Governor Hochul Made Big Equality Promises in Her First State of the State
(Bloomberg) -- When New York Governor Kathy Hochul gave her first annual state policy address on Wednesday, she acknowledged both her status as the first woman to deliver the speech in the state’s history, as well as the double standard she faces as the state’s first female governor.
In a remarkably honest assessment of women in leadership positions across government and business, Hochul said, “We know that women are always held to a higher standard. So I know that I must not just meet but exceed expectations for this to no longer be an historic achievement but rather the norm.” She pledged, like many politicians before her, to “do things differently,” but added a somewhat unique caveat -- at least in the bare-knuckle battleground of New York politics: “From now on, we will share success.”
“The days of three men in a room are clearly over,” she added, a nod to the old custom of the governor and heads of the state Assembly and Senate gathering together to pass the annual budget. Today, there’s a female governor and female Senate Majority Leader.

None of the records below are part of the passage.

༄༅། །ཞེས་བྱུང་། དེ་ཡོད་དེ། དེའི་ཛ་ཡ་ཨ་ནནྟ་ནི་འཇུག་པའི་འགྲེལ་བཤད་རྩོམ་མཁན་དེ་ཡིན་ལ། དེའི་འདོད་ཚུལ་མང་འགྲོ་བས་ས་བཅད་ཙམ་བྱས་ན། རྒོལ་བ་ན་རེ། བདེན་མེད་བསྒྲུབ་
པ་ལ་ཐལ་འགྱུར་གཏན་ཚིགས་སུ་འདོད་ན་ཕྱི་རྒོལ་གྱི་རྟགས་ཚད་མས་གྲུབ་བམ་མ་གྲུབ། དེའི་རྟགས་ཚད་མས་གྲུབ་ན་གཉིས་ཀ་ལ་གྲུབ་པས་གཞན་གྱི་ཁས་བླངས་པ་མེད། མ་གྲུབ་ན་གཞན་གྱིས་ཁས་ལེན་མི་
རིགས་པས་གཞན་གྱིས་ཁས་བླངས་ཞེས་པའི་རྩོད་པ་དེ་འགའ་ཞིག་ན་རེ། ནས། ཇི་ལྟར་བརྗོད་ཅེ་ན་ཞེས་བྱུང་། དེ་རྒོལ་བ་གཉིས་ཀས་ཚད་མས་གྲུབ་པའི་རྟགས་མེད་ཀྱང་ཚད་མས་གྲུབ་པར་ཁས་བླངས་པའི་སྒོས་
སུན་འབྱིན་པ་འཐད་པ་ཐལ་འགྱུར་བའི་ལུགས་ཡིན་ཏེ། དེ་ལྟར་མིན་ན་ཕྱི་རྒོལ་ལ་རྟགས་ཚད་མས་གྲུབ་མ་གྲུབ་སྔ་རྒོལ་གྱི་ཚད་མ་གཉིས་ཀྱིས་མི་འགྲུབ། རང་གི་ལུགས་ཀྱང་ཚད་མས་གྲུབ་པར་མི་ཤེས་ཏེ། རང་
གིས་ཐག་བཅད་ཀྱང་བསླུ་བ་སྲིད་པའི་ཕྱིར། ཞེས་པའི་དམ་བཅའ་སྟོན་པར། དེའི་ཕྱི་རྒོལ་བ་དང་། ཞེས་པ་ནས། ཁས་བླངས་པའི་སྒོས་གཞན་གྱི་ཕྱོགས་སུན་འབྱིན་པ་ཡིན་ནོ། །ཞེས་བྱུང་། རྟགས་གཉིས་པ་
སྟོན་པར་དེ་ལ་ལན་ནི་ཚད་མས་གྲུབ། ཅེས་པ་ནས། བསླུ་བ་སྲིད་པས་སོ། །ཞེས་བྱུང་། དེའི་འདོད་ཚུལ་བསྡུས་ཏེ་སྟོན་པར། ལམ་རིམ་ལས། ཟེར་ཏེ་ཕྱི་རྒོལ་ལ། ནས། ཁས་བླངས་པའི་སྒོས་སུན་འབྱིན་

Hochul also promised that her policy priorities, which she will have to turn into action through a budget due in the coming weeks, wouldn’t just focus on what the state would tax and spend on, but rather how to more equitably distribute the state’s $212 billion budget.
In New York City, Black women are eight times more likely than their White peers to die from a pregnancy-related cause. Hochul is proposing a number of initiatives to improve health care for pregnant New Yorkers, including increasing reimbursement rates for midwifery services, which are linked to lower maternal mortality rates. In her speech, Hochul said she would:
- Work with the Biden administration to provide year-long Medicaid postpartum coverage for mothers, up from 60 days.

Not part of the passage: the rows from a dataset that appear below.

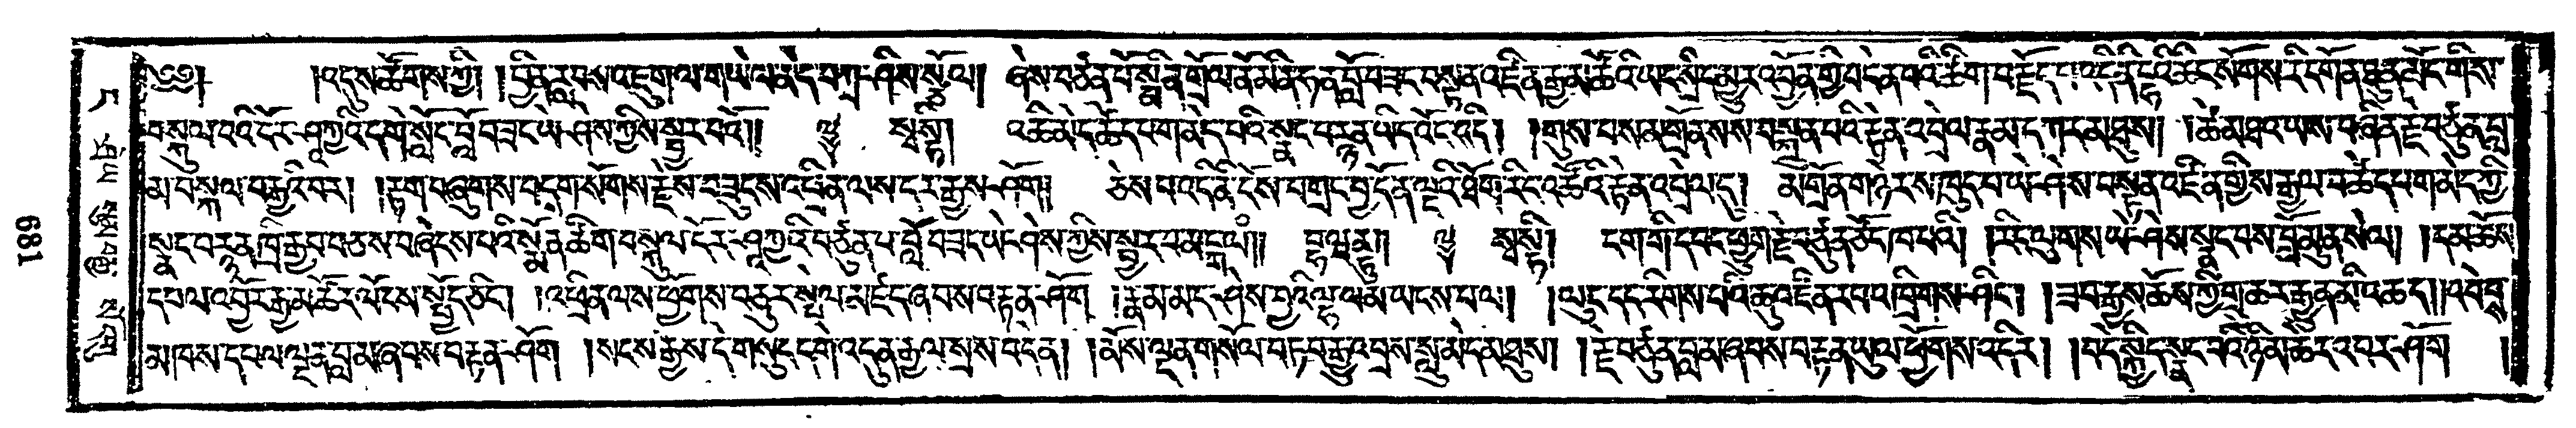༄༅། །འདུས་ཚོགས་ཀྱི། །བྱིན་རླབས་འཇུག་ལ་གཡེལ་མེད་བཀྲ་ཤིས་སྩོལ། ཞེས་བཙན་པོ་སྨིན་གྲོལ་ནི་མིན་ཧན་བློ་བཟང་བསྟན་འཛིན་རྒྱ་མཚོའི་ཡང་སྲིད་མྱུར་འབྱོན་གྱི་བདེན་པའི་ཚིག་བརྗོད་པ་འདི་ནི་དྷའི་ཆིང་སོགས་རི་དགོན་ཐུན་མོང་གིས་
བསྐུལ་བའི་ངོར་ཤཱཀྱའི་དགེ་སློང་བློ་བཟང་ཡེ་ཤེས་ཀྱིས་སྦྱར་བའོ།། ༈ སྭསྟི། འཆི་མེད་ཚེ་དཔག་མེད་པའི་སྣང་བརྙན་ཡིད་འོད་འདི། །གུས་པས་མགྲོན་སས་བསྐྲུན་པའི་རྟེན་འབྲེལ་རྣམ་དཀར་མཐུས། །ཚེ་མཐའ་ཡས་བཞིན་རྗེ་བཙུན་བླ་
མ་བསྐལ་བརྒྱའི་བར། །རྟག་བཞུགས་བདག་སོགས་རྗེས་བཟུངས་འཕྲིན་ལས་དར་རྒྱས་ཤོག། ཅེས་པ་འདི་ནི་ངོས་བགྲང་བྱ་དོན་ལྔའི་ཐོག་རིང་འཚོའི་རྟེན་འབྲེལ་དུ། །མགྲོན་གཉེར་ས་ཁུད་པ་ཡེ་ཤེས་བསྟན་འཛིན་གྱིས་རྒྱལ་བ་ཚེ་དཔག་མེད་ཀྱི་
སྣང་བརྙན་ཁྲི་རྒྱབ་བཅས་བཞེངས་པའི་སྨོན་ཚིག་བསྐུལ་དོར་ཤཱཀྱའི་བཙུན་པ་བློ་བཟང་ཡེ་ཤེས་ཀྱིས་སྦྱར་བ་མངྒལཾ།། བྷ་ཝནྟུ།། ༈ སྭསྟི། ངག་གི་དབང་ཕྱུག་རྗེ་བཙུན་ཙོང་ཁ་པའི། །རིང་ལུགས་ཡེ་ཤེས་སྣང་བས་བློ་མུན་སེལ། །དམ་ཆོས་
དཔལ་འབྱོར་རྒྱ་མཚོར་ལོངས་སྤྱོད་ཅིང་། །འཕྲིན་ལས་ཕྱོགས་བཅུར་སྤེལ་མཛད་ཞབས་བརྟན་ཤོག །རྣམ་མང་ཤེས་བྱའི་ལྷ་ལམ་ཡངས་པ་ལ། །ལུང་དང་རིགས་པའི་ཆུ་འཛིན་རབ་འཁྲིགས་ཤིང་། །ཟབ་རྒྱས་ཆོས་ཀྱི་གྲུ་ཆར་རྒྱུན་མི་འཆད། །འབེབས་
མཁས་དཔལ་ལྡན་བླ་མ་ཞབས་བརྟན་ཤོག །སངས་རྒྱས་དེ་གསུང་དགེ་འདུན་རྒྱལ་སྲས་བདེན། །མོས་ལྡན་གསོལ་བཏབ་རྒྱུ་འབྲས་སླུ་མེད་མཐུས། །རྗེ་བཙུན་བླ་མ་ཞབས་བརྟན་ཡུལ་ཕྱོགས་འདིར། །བདེ་སྐྱིད་སྣང་བའི་ཉི་མ་ཆེར་འབར་ཤོག །

- Establish coverage for nutrition services for pregnant people, and increase the availability of dyadic therapy, in which a parent and baby are treated simultaneously.
A lack of affordable and accessible child care during the pandemic has driven women in particular out of the workforce in droves, and many are weighing whether staying out of the workforce is the more cost-efficient route. A December 2020 report by the Citizens’ Committee for Children of New York found that 1% of single-parent homes could afford center-based childcare, and 5% could afford in-home care, and that parents of young children can spend up to 36% of their monthly income on in-home childcare. Governor Hochul proposed to:
- Invest $75 million in better pay for child care workers
- Increase access to subsidized childcare for 100,000 families in the state, by increasing income eligibility thresholds
- Expand child care to all SUNY and CUNY campuses, including 26 that lack the service on-site
The emotional, practical, and economic ramifications of the pandemic have only exacerbated a nationwide mental health crisis. An August 2021 report found that 22.3 million Americans had sought mental health services recently, and 23.6 million said they needed mental health support but could not receive it. In New York City, one in five adults experiences a mental health disorder each year. Hochul said she would:
- Create task forces of mental health professionals to attend to various people in need rather than police. In the early stages of a New York City pilot program in Harlem, 95% of people who were attended by a mental health team rather than police accepted care, compared to 82% of people who were met by a police response.
- Establish a Mental Wellness Community Workforce, with the aims of making therapy and mental health treatment more accessible to people in need, such as those with depression, anxiety, suicidal ideation, or substance use disorders.
- Establish a division within the Office of Addiction Services and Supports that would focus on providing and strengthening resources to substance users and opioid users in particular. In November, New York City opened two supervised injection sites for users, which have already reported the prevention of at least nine overdoses. Though controversial, these sites have been shown to reduce overdose risks and provide supports to users who are receptive to rehabilitative treatment.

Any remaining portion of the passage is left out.